2.8. T7 Endonuclease 1 (T7E1) assay
We prepared plasmids expressing SpCas9 and gRNA using the In-Fusion HD Cloning Kit (Clontech,639648). In brief, SpCas9 was expressed downstream of the hPGK promoter, and each gRNA sequence was placed downstream of the U6 promoter. These plasmids were transfected into HEK293T cells using PolyJet In Vitro DNA Transfection Reagent (SignaGen Labpratories, SL100688), and genomic DNA was purified from the harvested cells after 24 h using the QIAamp DNA Mini Kit (Qiagen, 56304). Genomic DNA was tested with PCR using primers designed to contain the gRNA sequence. For gRNA1 and gRNA3, PCR was performed using the following primers: 5′-tgtacttaaccactggactacctgcc-3′ and 5′-gtctcctttatgcattttgctgcaac-3'. For gRNA2 and gRNA4, PCR was performed using the following primers: 5′-gagatatccagtcaccaatcc-3′ and 5′-gtgtaagagcagatgtactggag-3'. The PCR product was analyzed using a T7 endonuclease 1 (T7E1) mismatch detection assay according to the manufacturer's protocol with the EnGen Mutation Detection Kit (New England Biolabs, E3321S). The density of the amplicon and digested band was determined with software (Image Lab 3.0; Bio-Rad).
2.9. Dead cell detection
The vulnerability of cultured SH-SY5Y cells expressing CDKN2BAS-1 mutations was measured using the Incucyte live-cell imaging system (Sartorius). One day prior to lentiviral transduction, SH-SY5Y cells stably expressing SpCas9 were seeded in a 96-well plate (Incucyte Imagelock 96-well plate; BA-04856). The cells were infected with dual gRNA-overexpressing lentivirus (multiplicity of infection 20) in the presence of 2 μg/ml polybrene. Four hours after infection, the medium was changed to a fresh medium containing Annexin V red dye (4641, Sartorius) and Caspase3/7 green dye (4440, Sartorius). Live-cell images were captured every 6 h until the end point at 72 h.
2.10. Quantitative reverse transcription PCR
EGFP-positive SH-SY5Y cells were purified after lentivirus vector infection to drive CDKN2B-AS1 expression. The purified SH-SY5Y cells were used to extract total RNA using the RNeasy Micro kit (74004, Qiagen) and cDNA was synthesized using SuperScript III (18080051, Invitrogen). Quantitative PCR (qPCR) was performed with the 7500 Fast Real-Time PCR System (Life Technologies, Inc.) using TaqMan Fast Universal PCR Master Mix (Life Technologies, Inc.).

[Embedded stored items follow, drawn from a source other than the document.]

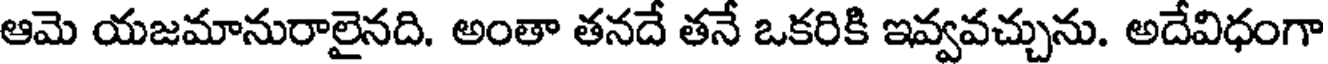
ఆమె యజమానురాలైనది. అంతా తనదే తనే ఒకరికి ఇవ్వవచ్చును. అదేవిధంగా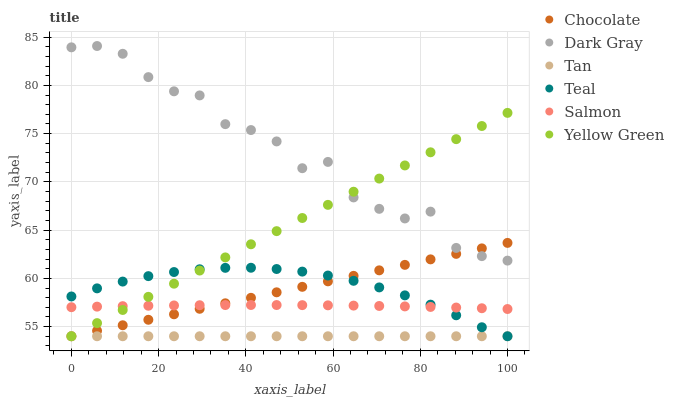
| xaxis_label | Chocolate | Dark Gray | Tan | Teal | Salmon | Yellow Green |
 | --- | --- | --- | --- | --- | --- | --- |
 | 0 | 54 | 83.9 | 54 | 58.1 | 57 | 54 |
 | 5.88 | 54.6 | 84.1 | 54 | 59 | 57.1 | 55.4 |
 | 11.8 | 55.1 | 83.3 | 54 | 59.7 | 57.1 | 56.7 |
 | 17.6 | 55.7 | 80.9 | 54 | 60.2 | 57.2 | 58.1 |
 | 23.5 | 56.3 | 79.4 | 54 | 60.7 | 57.2 | 59.4 |
 | 29.4 | 56.8 | 79 | 54 | 60.9 | 57.2 | 60.8 |
 | 35.3 | 57.4 | 76 | 54 | 61.1 | 57.2 | 62.2 |
 | 41.2 | 58 | 75.4 | 54 | 61.1 | 57.2 | 63.5 |
 | 47.1 | 58.6 | 74.2 | 54 | 61 | 57.2 | 64.9 |
 | 52.9 | 59.1 | 71.4 | 54 | 60.7 | 57.2 | 66.3 |
 | 58.8 | 59.7 | 72.1 | 54 | 60.3 | 57.2 | 67.6 |
 | 64.7 | 60.3 | 68.4 | 54 | 59.7 | 57.2 | 69 |
 | 70.6 | 60.8 | 67.2 | 54 | 59.1 | 57.1 | 70.3 |
 | 76.5 | 61.4 | 66.2 | 54 | 58.2 | 57.1 | 71.7 |
 | 82.4 | 62 | 66.9 | 54 | 57.3 | 57 | 73.1 |
 | 88.2 | 62.5 | 63.2 | 54 | 56.2 | 57 | 74.4 |
 | 94.1 | 63.1 | 62.3 | 54 | 54.9 | 56.9 | 75.8 |
 | 100 | 63.7 | 61.8 | 54 | 54 | 56.8 | 77.2 |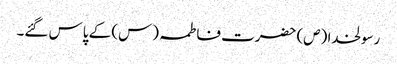
رسولخدا (ص) حضرت فاطمہ (س) کے پاس گئے۔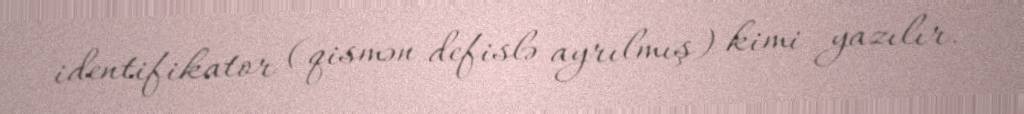
identifikator (qismən defislə ayrılmış) kimi yazılır.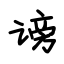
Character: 谤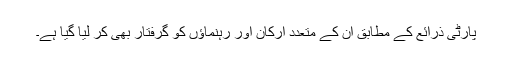
پارٹی ذرائع کے مطابق ان کے متعدد ارکان اور رہنماؤں کو گرفتار بھی کر لیا گیا ہے۔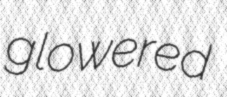
glowered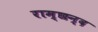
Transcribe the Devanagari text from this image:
राम्छन्द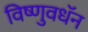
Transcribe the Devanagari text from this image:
विष्णुवधॅन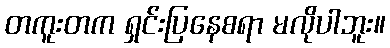
တကူးတက ရှင်းပြနေစရာ မလိုပါဘူး။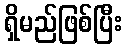
ရှိမည်ဖြစ်ပြီး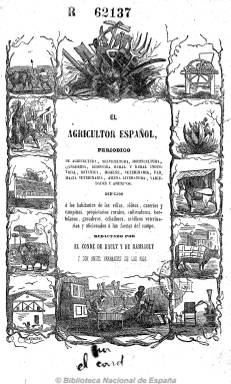
Título: El Agricultor español
Colección: Agricultura y ganadería || Periódicos
Ámbito geográfico: Madrid
Lugar de publicación: Madrid
Fechas: 01/01/1850-31/12/1851

Durante el siglo XIX distintos profesionales conocidos por sus escritos sobre agricultura publicaron revistas y periódicos destinados a fomentar el progreso del sector en España. La revista "El Agricultor Español" es un claro ejemplo de ello, cuyo propietario y principal redactor fue el Conde de Rault y de Ramsault,  estudioso que durante diez años viajó por toda Europa y parte de América para conocer sus sistemas de producción agraria, asegurando que el principal destinatario de la revista era “la población verdaderamente agrícola” y excluyendo de sus páginas la jurisprudencia rural, la política y las normas aprobadas por el Gobierno.

Incluye principalmente artículos de divulgación técnica, publicados por entregas y especialmente adaptados en forma de diálogo para ser entendidos por el público en general.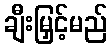
ချီးမြှင့်မည်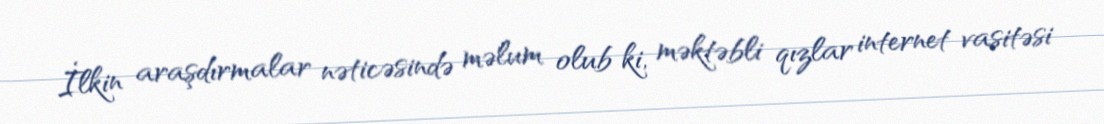
İlkin araşdırmalar nəticəsində məlum olub ki, məktəbli qızlar internet vasitəsi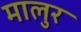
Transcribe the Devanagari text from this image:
मालुर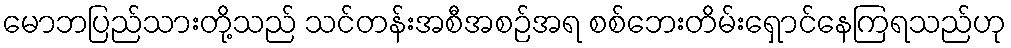
မောဘပြည်သားတို့သည် သင်တန်းအစီအစဉ်အရ စစ်ဘေးတိမ်းရှောင်နေကြရသည်ဟု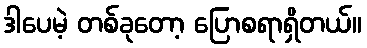
ဒါပေမဲ့ တစ်ခုတော့ ပြောစရာရှိတယ်။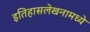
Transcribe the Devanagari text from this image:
इतिहासलेखनामध्ये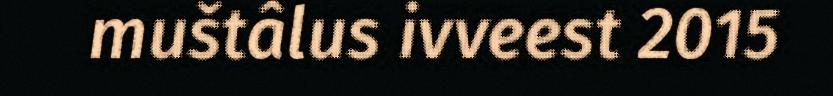
muštâlus ivveest 2015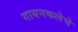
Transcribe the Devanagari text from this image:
गायनकलेचे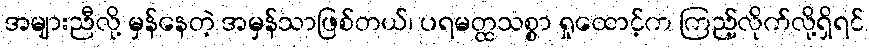
အများညီလို့ မှန်နေတဲ့ အမှန်သာဖြစ်တယ်၊ ပရမတ္ထသစ္စာ ရှုထောင့်က ကြည့်လိုက်လို့ရှိရင်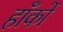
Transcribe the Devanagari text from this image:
हाँकों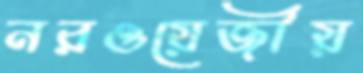
নরওয়েজীয়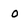
Character: O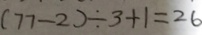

Predesigned primers were purchased from Invitrogen and used for RT-PCR, including CDKN2B-AS1 (Hs01390879) and GAPDH (Hs02786624). Quantitative PCR (qPCR) was performed under the following cycling conditions: 95 °C for 20 s and 40 cycles at 95 °C for 3 s and 60 °C for 30 s. Relative mRNA levels of CDKN2B-AS1 were determined from the ΔCt values and normalized to GAPDH expression.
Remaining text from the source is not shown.